Prime Minister Tony Blair is facing continued pressure at home and abroad over the attacks but Downing Street said on Monday that Britain made no apology for carrying out the action.

Former Liberal Democrat leader Sir Paddy Ashdown has warned the attack could strengthen Iraqi leader Saddam Hussein as he attempts to get United Nations sanctions lifted.

Whether or not it's wise remains to be seen but it's probably necessary

Sir Paddy Ashdown on Friday's attack
Other critics - from within Mr Blair's own party as well as ex-UN weapons inspector Scott Ritter - have gone further and questioned the legality of the air strikes.

But Downing Street has hit back, saying the raid was necessary because Iraq had increased its attacks on American and British aircraft enforcing the no-fly zone.

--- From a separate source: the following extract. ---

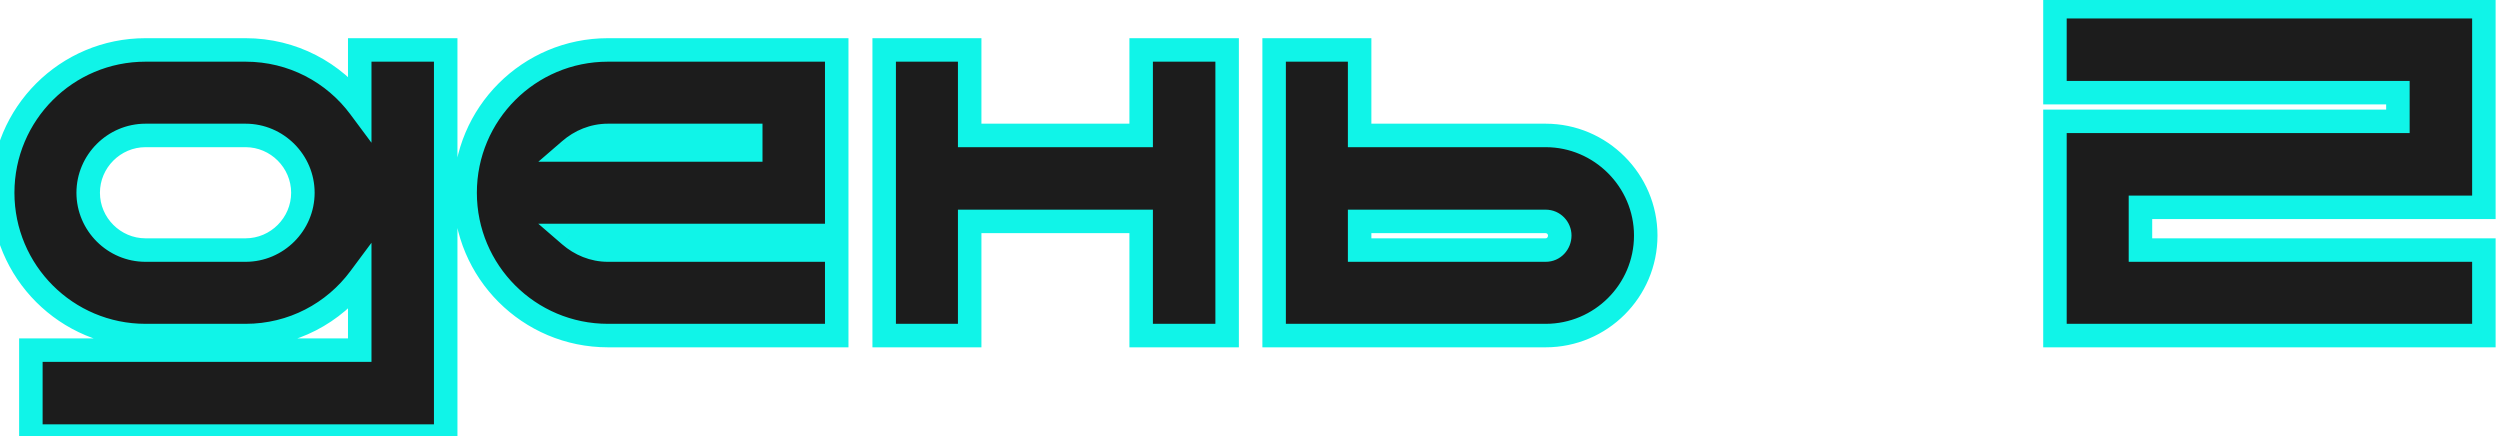 <?xml version="1.0" encoding="UTF-8"?> <svg xmlns="http://www.w3.org/2000/svg" width="149" height="26" viewBox="0 0 149 26" fill="none"> <path d="M21.44 2.976H26.564V25.992H1.84V20.868H21.44V16.584C19.9 18.656 17.436 20 14.636 20H8.672C3.968 20 0.16 16.192 0.16 11.488C0.16 6.784 3.968 2.976 8.672 2.976H14.636C17.436 2.976 19.9 4.32 21.44 6.392V2.976ZM14.636 14.904C16.512 14.904 18.052 13.364 18.052 11.488C18.052 9.612 16.512 8.072 14.636 8.072H8.672C6.796 8.072 5.256 9.612 5.256 11.488C5.256 13.364 6.796 14.904 8.672 14.904H14.636ZM49.869 2.976V14.036H33.965C34.581 14.568 35.365 14.904 36.233 14.904H49.869V20H36.233C31.529 20 27.721 16.192 27.721 11.488C27.721 6.784 31.529 2.976 36.233 2.976H49.869ZM44.745 8.94V8.072H36.233C35.365 8.072 34.581 8.408 33.965 8.94H44.745ZM68.013 2.976H73.137V20H68.013V13.196H57.793V20H52.697V2.976H57.793V8.072H68.013V2.976ZM92.122 8.072C95.398 8.072 98.086 10.76 98.086 14.036C98.086 17.34 95.398 20 92.122 20H75.938V2.976H81.034V8.072H92.122ZM92.122 14.904C92.598 14.904 92.962 14.512 92.962 14.036C92.962 13.588 92.598 13.196 92.122 13.196H81.034V14.904H92.122ZM148.039 12.356H127.571V14.904H148.039V20H122.475V7.232H142.915V5.524H122.475V0.4H148.039V12.356Z" fill="#1C1C1C"></path> <path d="M21.44 2.976V2.276H20.74V2.976H21.44ZM26.564 2.976H27.264V2.276H26.564V2.976ZM26.564 25.992V26.692H27.264V25.992H26.564ZM1.84 25.992H1.14V26.692H1.84V25.992ZM1.84 20.868V20.168H1.14V20.868H1.84ZM21.44 20.868V21.568H22.14V20.868H21.44ZM21.44 16.584H22.14V14.469L20.878 16.166L21.44 16.584ZM21.44 6.392L20.878 6.81L22.14 8.507V6.392H21.44ZM21.44 3.676H26.564V2.276H21.44V3.676ZM25.864 2.976V25.992H27.264V2.976H25.864ZM26.564 25.292H1.84V26.692H26.564V25.292ZM2.54 25.992V20.868H1.14V25.992H2.54ZM1.84 21.568H21.44V20.168H1.84V21.568ZM22.14 20.868V16.584H20.74V20.868H22.14ZM20.878 16.166C19.465 18.068 17.206 19.3 14.636 19.3V20.7C17.666 20.7 20.335 19.244 22.002 17.002L20.878 16.166ZM14.636 19.3H8.672V20.7H14.636V19.3ZM8.672 19.3C4.355 19.3 0.86 15.805 0.86 11.488H-0.54C-0.54 16.579 3.581 20.7 8.672 20.7V19.3ZM0.86 11.488C0.86 7.171 4.355 3.676 8.672 3.676V2.276C3.581 2.276 -0.54 6.397 -0.54 11.488H0.86ZM8.672 3.676H14.636V2.276H8.672V3.676ZM14.636 3.676C17.206 3.676 19.465 4.908 20.878 6.81L22.002 5.974C20.335 3.732 17.666 2.276 14.636 2.276V3.676ZM22.14 6.392V2.976H20.74V6.392H22.14ZM14.636 15.604C16.899 15.604 18.752 13.751 18.752 11.488H17.352C17.352 12.977 16.125 14.204 14.636 14.204V15.604ZM18.752 11.488C18.752 9.225 16.899 7.372 14.636 7.372V8.772C16.125 8.772 17.352 9.999 17.352 11.488H18.752ZM14.636 7.372H8.672V8.772H14.636V7.372ZM8.672 7.372C6.409 7.372 4.556 9.225 4.556 11.488H5.956C5.956 9.999 7.183 8.772 8.672 8.772V7.372ZM4.556 11.488C4.556 13.751 6.409 15.604 8.672 15.604V14.204C7.183 14.204 5.956 12.977 5.956 11.488H4.556ZM8.672 15.604H14.636V14.204H8.672V15.604ZM49.869 2.976H50.569V2.276H49.869V2.976ZM49.869 14.036V14.736H50.569V14.036H49.869ZM33.965 14.036V13.336H32.084L33.508 14.566L33.965 14.036ZM49.869 14.904H50.569V14.204H49.869V14.904ZM49.869 20V20.7H50.569V20H49.869ZM44.745 8.94V9.64H45.445V8.94H44.745ZM44.745 8.072H45.445V7.372H44.745V8.072ZM33.965 8.94L33.508 8.41L32.084 9.64H33.965V8.94ZM49.169 2.976V14.036H50.569V2.976H49.169ZM49.869 13.336H33.965V14.736H49.869V13.336ZM33.508 14.566C34.236 15.194 35.178 15.604 36.233 15.604V14.204C35.552 14.204 34.927 13.941 34.423 13.506L33.508 14.566ZM36.233 15.604H49.869V14.204H36.233V15.604ZM49.169 14.904V20H50.569V14.904H49.169ZM49.869 19.3H36.233V20.7H49.869V19.3ZM36.233 19.3C31.916 19.3 28.421 15.805 28.421 11.488H27.021C27.021 16.579 31.143 20.7 36.233 20.7V19.3ZM28.421 11.488C28.421 7.171 31.916 3.676 36.233 3.676V2.276C31.143 2.276 27.021 6.397 27.021 11.488H28.421ZM36.233 3.676H49.869V2.276H36.233V3.676ZM45.445 8.94V8.072H44.045V8.94H45.445ZM44.745 7.372H36.233V8.772H44.745V7.372ZM36.233 7.372C35.178 7.372 34.236 7.781 33.508 8.41L34.423 9.47C34.927 9.035 35.552 8.772 36.233 8.772V7.372ZM33.965 9.64H44.745V8.24H33.965V9.64ZM68.013 2.976V2.276H67.313V2.976H68.013ZM73.137 2.976H73.837V2.276H73.137V2.976ZM73.137 20V20.7H73.837V20H73.137ZM68.013 20H67.313V20.7H68.013V20ZM68.013 13.196H68.713V12.496H68.013V13.196ZM57.793 13.196V12.496H57.093V13.196H57.793ZM57.793 20V20.7H58.493V20H57.793ZM52.697 20H51.997V20.7H52.697V20ZM52.697 2.976V2.276H51.997V2.976H52.697ZM57.793 2.976H58.493V2.276H57.793V2.976ZM57.793 8.072H57.093V8.772H57.793V8.072ZM68.013 8.072V8.772H68.713V8.072H68.013ZM68.013 3.676H73.137V2.276H68.013V3.676ZM72.437 2.976V20H73.837V2.976H72.437ZM73.137 19.3H68.013V20.7H73.137V19.3ZM68.713 20V13.196H67.313V20H68.713ZM68.013 12.496H57.793V13.896H68.013V12.496ZM57.093 13.196V20H58.493V13.196H57.093ZM57.793 19.3H52.697V20.7H57.793V19.3ZM53.397 20V2.976H51.997V20H53.397ZM52.697 3.676H57.793V2.276H52.697V3.676ZM57.093 2.976V8.072H58.493V2.976H57.093ZM57.793 8.772H68.013V7.372H57.793V8.772ZM68.713 8.072V2.976H67.313V8.072H68.713ZM75.938 20H75.238V20.7H75.938V20ZM75.938 2.976V2.276H75.238V2.976H75.938ZM81.034 2.976H81.734V2.276H81.034V2.976ZM81.034 8.072H80.334V8.772H81.034V8.072ZM81.034 13.196V12.496H80.334V13.196H81.034ZM81.034 14.904H80.334V15.604H81.034V14.904ZM92.122 8.772C95.012 8.772 97.386 11.147 97.386 14.036H98.786C98.786 10.373 95.785 7.372 92.122 7.372V8.772ZM97.386 14.036C97.386 16.951 95.014 19.3 92.122 19.3V20.7C95.783 20.7 98.786 17.729 98.786 14.036H97.386ZM92.122 19.3H75.938V20.7H92.122V19.3ZM76.638 20V2.976H75.238V20H76.638ZM75.938 3.676H81.034V2.276H75.938V3.676ZM80.334 2.976V8.072H81.734V2.976H80.334ZM81.034 8.772H92.122V7.372H81.034V8.772ZM92.122 15.604C93.014 15.604 93.662 14.868 93.662 14.036H92.262C92.262 14.094 92.241 14.138 92.215 14.165C92.191 14.19 92.161 14.204 92.122 14.204V15.604ZM93.662 14.036C93.662 13.217 93 12.496 92.122 12.496V13.896C92.162 13.896 92.194 13.911 92.22 13.937C92.248 13.966 92.262 14.003 92.262 14.036H93.662ZM92.122 12.496H81.034V13.896H92.122V12.496ZM80.334 13.196V14.904H81.734V13.196H80.334ZM81.034 15.604H92.122V14.204H81.034V15.604ZM148.039 12.356V13.056H148.739V12.356H148.039ZM127.571 12.356V11.656H126.871V12.356H127.571ZM127.571 14.904H126.871V15.604H127.571V14.904ZM148.039 14.904H148.739V14.204H148.039V14.904ZM148.039 20V20.7H148.739V20H148.039ZM122.475 20H121.775V20.7H122.475V20ZM122.475 7.232V6.532H121.775V7.232H122.475ZM142.915 7.232V7.932H143.615V7.232H142.915ZM142.915 5.524H143.615V4.824H142.915V5.524ZM122.475 5.524H121.775V6.224H122.475V5.524ZM122.475 0.4V-0.3H121.775V0.4H122.475ZM148.039 0.4H148.739V-0.3H148.039V0.4ZM148.039 11.656H127.571V13.056H148.039V11.656ZM126.871 12.356V14.904H128.271V12.356H126.871ZM127.571 15.604H148.039V14.204H127.571V15.604ZM147.339 14.904V20H148.739V14.904H147.339ZM148.039 19.3H122.475V20.7H148.039V19.3ZM123.175 20V7.232H121.775V20H123.175ZM122.475 7.932H142.915V6.532H122.475V7.932ZM143.615 7.232V5.524H142.215V7.232H143.615ZM142.915 4.824H122.475V6.224H142.915V4.824ZM123.175 5.524V0.4H121.775V5.524H123.175ZM122.475 1.1H148.039V-0.3H122.475V1.1ZM147.339 0.4V12.356H148.739V0.4H147.339Z" fill="#10F4E8"></path> </svg>

Describing the bombing strike as a "proportionate response", the prime minister's spokesman said: "We make no apology for carrying out this action."

He said coalition planes had been attacked by Iraqi anti-aircraft fire 21 times last month, more than in the whole of last year.

With the House of Commons not sitting this week, Foreign Office minister Lady Symons was due to make a statement in the Lords on Monday afternoon about the air strikes.

Eight British and 16 American aircraft using long-range precision weapons were involved in the strikes on anti-aircraft sites near Baghdad on Friday. All returned safely.

Click here to see a map of the area

The Iraqis say two civilians were killed, and 20 others were injured, some seriously, in the bombings.

International backing for the raids has been conspicuously absent, with Russia and China among the first to criticise them followed by others including British allies Turkey and France.

Over the weekend thousands of Iraqis took to the streets of Baghdad in well-orchestrated protests.

Attack 'probably necessary'

Sir Paddy Ashdown told the BBC on Monday that the raids did not breach international law because, as long as the US and Britain were carrying out duties enforcing UN resolutions, they were entitled to protect their air crews.

But he went on: "I think in many ways what Saddam Hussein has done is provoke the West to act in defence of the lives of its pilots in a way which politically may well help him to get the sanctions lifted.

"That's why I say, 'Is it wise? That remains to be seen' but it probably was necessary while we continue with the policy that we have."

Paddy Ashdown
Sir Paddy Ashdown said raids had crossed a "small Rubicon"
He warned that by hitting command and control centres - rather than just responding when missiles were fired at their aircraft - America and Britain had crossed "one small Rubicon".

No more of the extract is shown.